[Dataset items]
%%

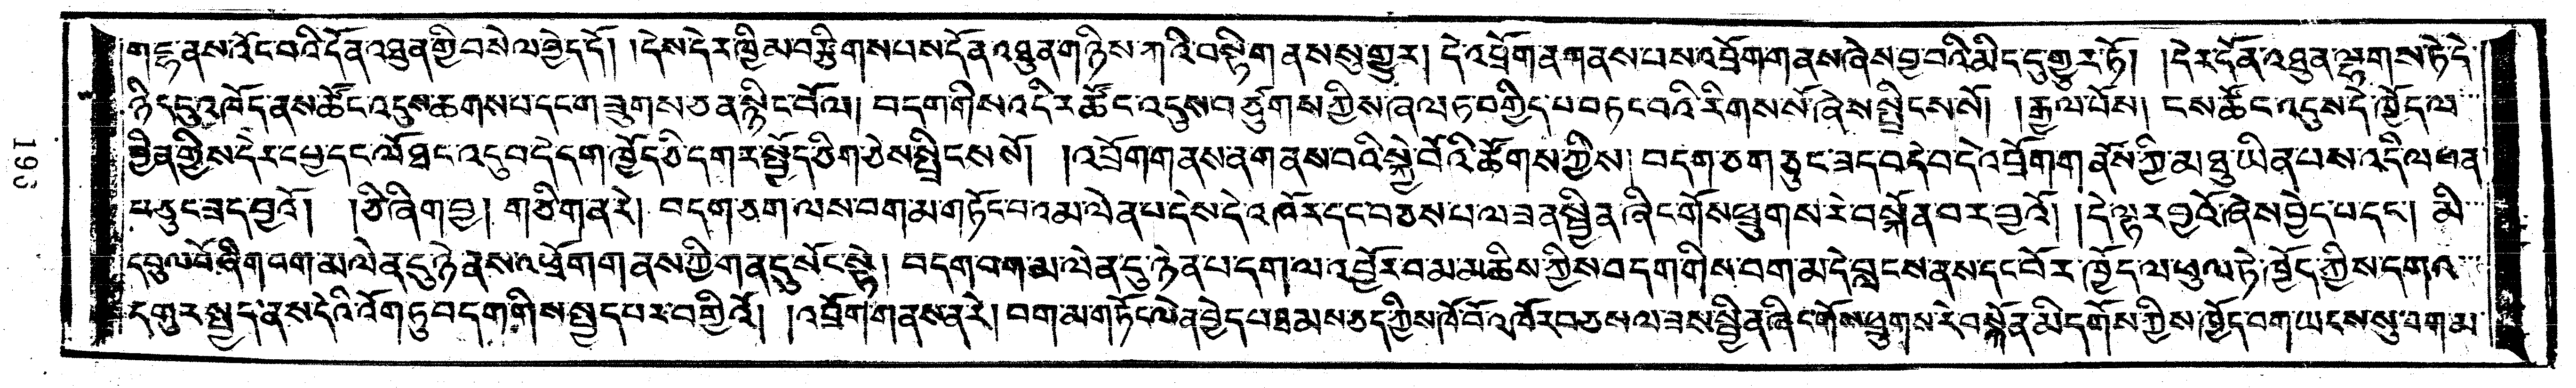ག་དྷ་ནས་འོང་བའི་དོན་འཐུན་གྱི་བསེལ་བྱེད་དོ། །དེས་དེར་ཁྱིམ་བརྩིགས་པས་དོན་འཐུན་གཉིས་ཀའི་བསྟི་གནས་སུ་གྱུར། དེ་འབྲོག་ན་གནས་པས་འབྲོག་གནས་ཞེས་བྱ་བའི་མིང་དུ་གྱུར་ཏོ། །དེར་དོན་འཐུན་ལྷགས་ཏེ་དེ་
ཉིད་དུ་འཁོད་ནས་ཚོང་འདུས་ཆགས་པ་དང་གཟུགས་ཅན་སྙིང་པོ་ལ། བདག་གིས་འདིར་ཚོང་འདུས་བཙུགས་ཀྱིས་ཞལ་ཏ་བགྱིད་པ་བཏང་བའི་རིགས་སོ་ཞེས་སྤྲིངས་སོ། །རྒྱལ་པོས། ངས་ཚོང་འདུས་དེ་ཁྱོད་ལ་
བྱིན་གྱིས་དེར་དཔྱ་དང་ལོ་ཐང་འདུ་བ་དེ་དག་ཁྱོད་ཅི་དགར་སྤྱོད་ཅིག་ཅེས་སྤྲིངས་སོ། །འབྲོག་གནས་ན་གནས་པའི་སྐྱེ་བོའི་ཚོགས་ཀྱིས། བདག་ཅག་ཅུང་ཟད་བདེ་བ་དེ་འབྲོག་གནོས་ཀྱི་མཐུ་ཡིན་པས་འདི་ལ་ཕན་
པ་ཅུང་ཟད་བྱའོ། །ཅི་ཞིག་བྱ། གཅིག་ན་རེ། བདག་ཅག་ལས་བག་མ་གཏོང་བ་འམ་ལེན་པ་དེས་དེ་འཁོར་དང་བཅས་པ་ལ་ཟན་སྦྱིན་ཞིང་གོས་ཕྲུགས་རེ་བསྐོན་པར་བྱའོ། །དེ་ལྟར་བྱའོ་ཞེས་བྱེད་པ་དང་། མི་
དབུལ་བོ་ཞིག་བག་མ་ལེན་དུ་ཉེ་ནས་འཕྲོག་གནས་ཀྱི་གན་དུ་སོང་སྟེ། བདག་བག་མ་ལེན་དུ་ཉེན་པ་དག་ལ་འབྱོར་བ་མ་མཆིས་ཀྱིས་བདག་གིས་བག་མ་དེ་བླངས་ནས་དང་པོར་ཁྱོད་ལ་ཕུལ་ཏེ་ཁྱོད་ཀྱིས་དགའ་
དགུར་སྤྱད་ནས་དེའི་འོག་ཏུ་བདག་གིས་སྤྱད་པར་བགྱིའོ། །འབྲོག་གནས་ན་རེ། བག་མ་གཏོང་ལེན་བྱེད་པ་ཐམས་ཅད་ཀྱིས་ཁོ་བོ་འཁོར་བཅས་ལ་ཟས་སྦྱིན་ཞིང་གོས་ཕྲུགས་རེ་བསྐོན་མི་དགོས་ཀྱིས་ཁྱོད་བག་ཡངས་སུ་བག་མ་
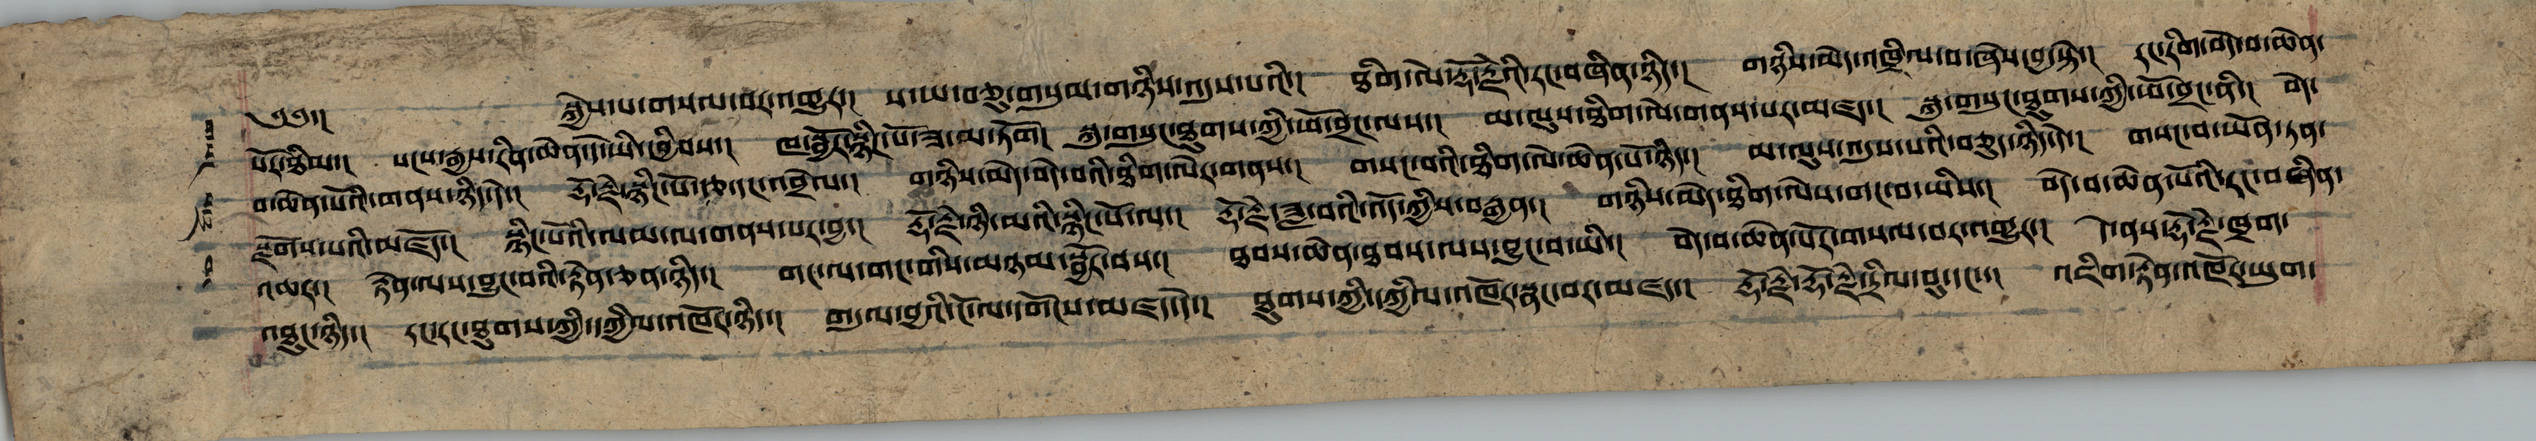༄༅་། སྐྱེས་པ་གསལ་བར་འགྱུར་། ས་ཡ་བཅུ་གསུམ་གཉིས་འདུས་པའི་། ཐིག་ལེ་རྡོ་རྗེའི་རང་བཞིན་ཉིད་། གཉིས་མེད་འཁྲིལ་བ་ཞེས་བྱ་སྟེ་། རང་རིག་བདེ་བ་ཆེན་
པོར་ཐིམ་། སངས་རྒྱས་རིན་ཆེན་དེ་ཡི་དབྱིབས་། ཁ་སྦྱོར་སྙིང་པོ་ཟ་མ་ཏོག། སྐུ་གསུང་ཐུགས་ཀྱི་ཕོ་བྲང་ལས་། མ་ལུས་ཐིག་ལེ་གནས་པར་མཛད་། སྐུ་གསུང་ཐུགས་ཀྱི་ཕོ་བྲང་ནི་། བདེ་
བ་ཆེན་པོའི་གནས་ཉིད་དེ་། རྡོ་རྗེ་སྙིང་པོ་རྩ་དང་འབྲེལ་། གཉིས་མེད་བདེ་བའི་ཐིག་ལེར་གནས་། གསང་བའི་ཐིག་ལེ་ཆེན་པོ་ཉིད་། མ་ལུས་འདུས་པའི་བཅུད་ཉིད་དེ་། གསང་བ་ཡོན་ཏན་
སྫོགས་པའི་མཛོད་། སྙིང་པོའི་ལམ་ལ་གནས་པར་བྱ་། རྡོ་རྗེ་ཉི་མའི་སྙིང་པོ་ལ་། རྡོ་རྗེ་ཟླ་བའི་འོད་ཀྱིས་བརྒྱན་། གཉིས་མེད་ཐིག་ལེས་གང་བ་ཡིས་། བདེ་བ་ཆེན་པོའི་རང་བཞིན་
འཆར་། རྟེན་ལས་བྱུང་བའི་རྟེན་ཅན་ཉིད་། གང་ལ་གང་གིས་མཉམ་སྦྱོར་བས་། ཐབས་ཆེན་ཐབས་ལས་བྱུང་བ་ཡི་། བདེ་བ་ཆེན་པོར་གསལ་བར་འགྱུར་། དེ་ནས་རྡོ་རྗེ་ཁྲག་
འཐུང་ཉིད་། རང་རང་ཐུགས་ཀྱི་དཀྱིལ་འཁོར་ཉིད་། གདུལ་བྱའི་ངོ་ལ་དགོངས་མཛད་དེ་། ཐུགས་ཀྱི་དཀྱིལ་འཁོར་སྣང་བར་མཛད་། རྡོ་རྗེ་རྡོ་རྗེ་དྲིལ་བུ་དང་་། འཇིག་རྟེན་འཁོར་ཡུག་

%%
%%

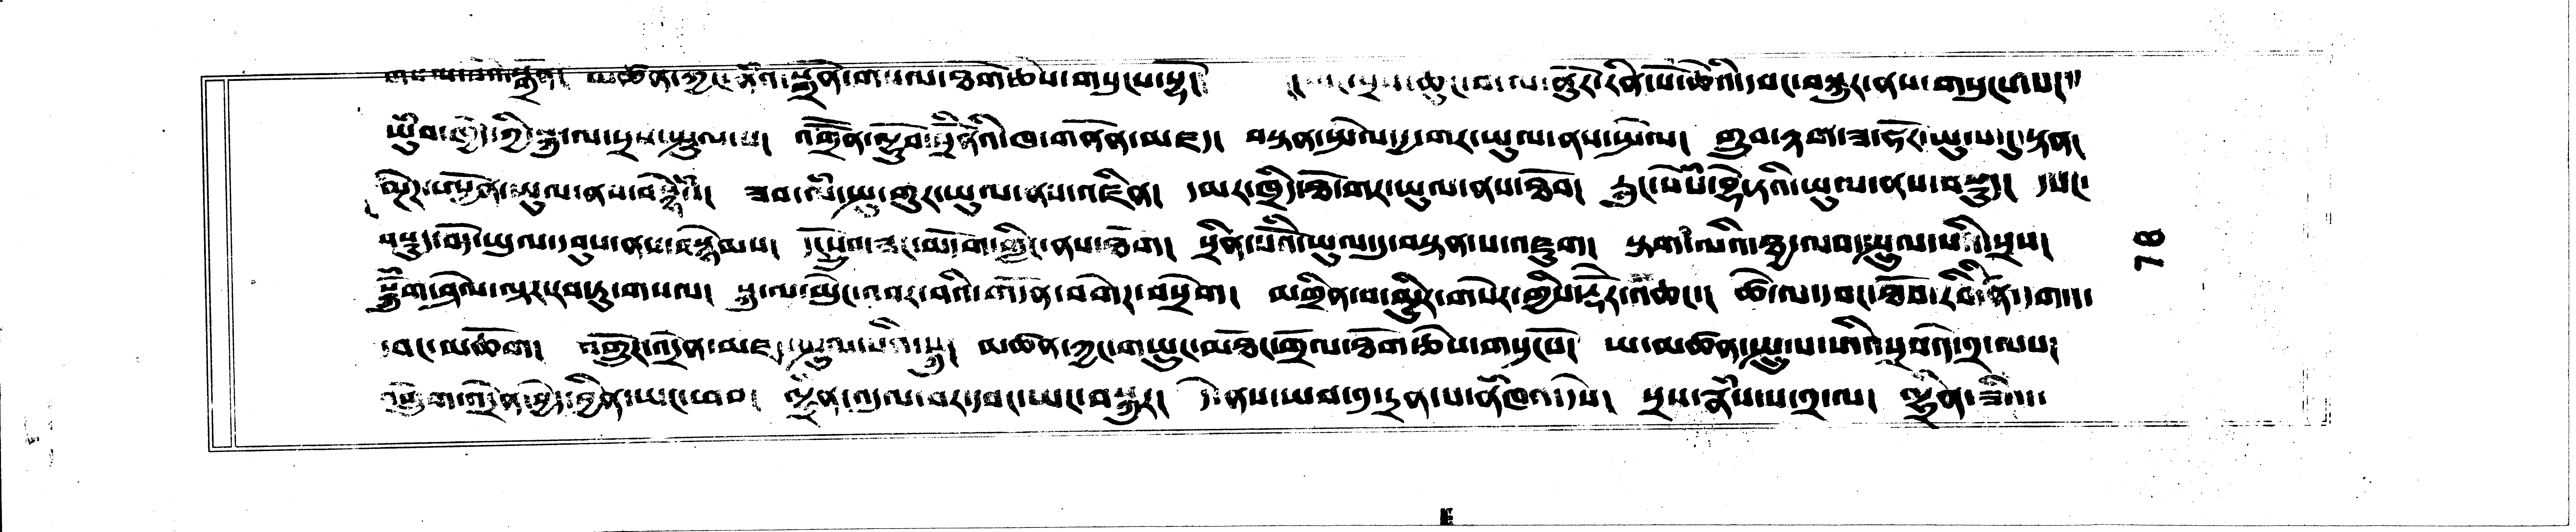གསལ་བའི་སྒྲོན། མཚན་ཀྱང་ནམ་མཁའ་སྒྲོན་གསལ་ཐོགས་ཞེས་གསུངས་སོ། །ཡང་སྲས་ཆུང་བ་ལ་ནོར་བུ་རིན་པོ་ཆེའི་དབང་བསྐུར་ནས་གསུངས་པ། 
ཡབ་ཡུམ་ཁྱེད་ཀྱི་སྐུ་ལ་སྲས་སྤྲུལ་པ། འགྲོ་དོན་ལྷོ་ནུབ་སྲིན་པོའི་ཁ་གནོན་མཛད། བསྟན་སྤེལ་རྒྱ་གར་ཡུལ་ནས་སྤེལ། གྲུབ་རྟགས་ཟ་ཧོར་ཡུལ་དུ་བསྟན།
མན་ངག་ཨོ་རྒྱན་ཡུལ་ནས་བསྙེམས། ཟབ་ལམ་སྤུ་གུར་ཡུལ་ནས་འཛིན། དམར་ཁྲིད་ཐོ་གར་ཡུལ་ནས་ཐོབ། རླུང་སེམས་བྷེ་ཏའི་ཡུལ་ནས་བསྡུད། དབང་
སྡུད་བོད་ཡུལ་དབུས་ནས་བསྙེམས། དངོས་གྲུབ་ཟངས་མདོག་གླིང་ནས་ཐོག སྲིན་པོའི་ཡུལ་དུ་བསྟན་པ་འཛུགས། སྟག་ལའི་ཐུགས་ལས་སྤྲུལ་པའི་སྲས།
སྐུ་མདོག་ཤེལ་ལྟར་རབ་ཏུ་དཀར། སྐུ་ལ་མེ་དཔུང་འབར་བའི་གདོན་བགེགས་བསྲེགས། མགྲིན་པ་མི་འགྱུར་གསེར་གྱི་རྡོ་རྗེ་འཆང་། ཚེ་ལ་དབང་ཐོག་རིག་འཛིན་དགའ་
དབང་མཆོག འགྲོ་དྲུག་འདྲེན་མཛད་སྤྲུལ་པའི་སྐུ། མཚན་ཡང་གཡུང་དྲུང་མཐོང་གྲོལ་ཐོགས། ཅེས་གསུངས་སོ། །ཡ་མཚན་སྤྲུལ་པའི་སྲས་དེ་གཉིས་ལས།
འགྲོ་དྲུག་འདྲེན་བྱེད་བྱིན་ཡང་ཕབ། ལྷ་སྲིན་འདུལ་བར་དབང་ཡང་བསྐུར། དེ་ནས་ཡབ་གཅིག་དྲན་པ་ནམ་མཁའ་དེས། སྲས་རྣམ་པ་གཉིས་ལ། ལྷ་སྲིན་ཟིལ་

%%

#### WHAT NEEDS TO BE DONE:
Give back exactly the lines above starting at the line where "པ་ཅུང་ཟད་བྱའོ། །ཅི་ཞིག་བྱ། གཅིག་ན་རེ།" appears and ending at the line where "དབུལ་བོ་ཞིག་བག" appears, both included, with no other lines.

#### RESPONSE BELOW:
པ་ཅུང་ཟད་བྱའོ། །ཅི་ཞིག་བྱ། གཅིག་ན་རེ། བདག་ཅག་ལས་བག་མ་གཏོང་བ་འམ་ལེན་པ་དེས་དེ་འཁོར་དང་བཅས་པ་ལ་ཟན་སྦྱིན་ཞིང་གོས་ཕྲུགས་རེ་བསྐོན་པར་བྱའོ། །དེ་ལྟར་བྱའོ་ཞེས་བྱེད་པ་དང་། མི་
དབུལ་བོ་ཞིག་བག་མ་ལེན་དུ་ཉེ་ནས་འཕྲོག་གནས་ཀྱི་གན་དུ་སོང་སྟེ། བདག་བག་མ་ལེན་དུ་ཉེན་པ་དག་ལ་འབྱོར་བ་མ་མཆིས་ཀྱིས་བདག་གིས་བག་མ་དེ་བླངས་ནས་དང་པོར་ཁྱོད་ལ་ཕུལ་ཏེ་ཁྱོད་ཀྱིས་དགའ་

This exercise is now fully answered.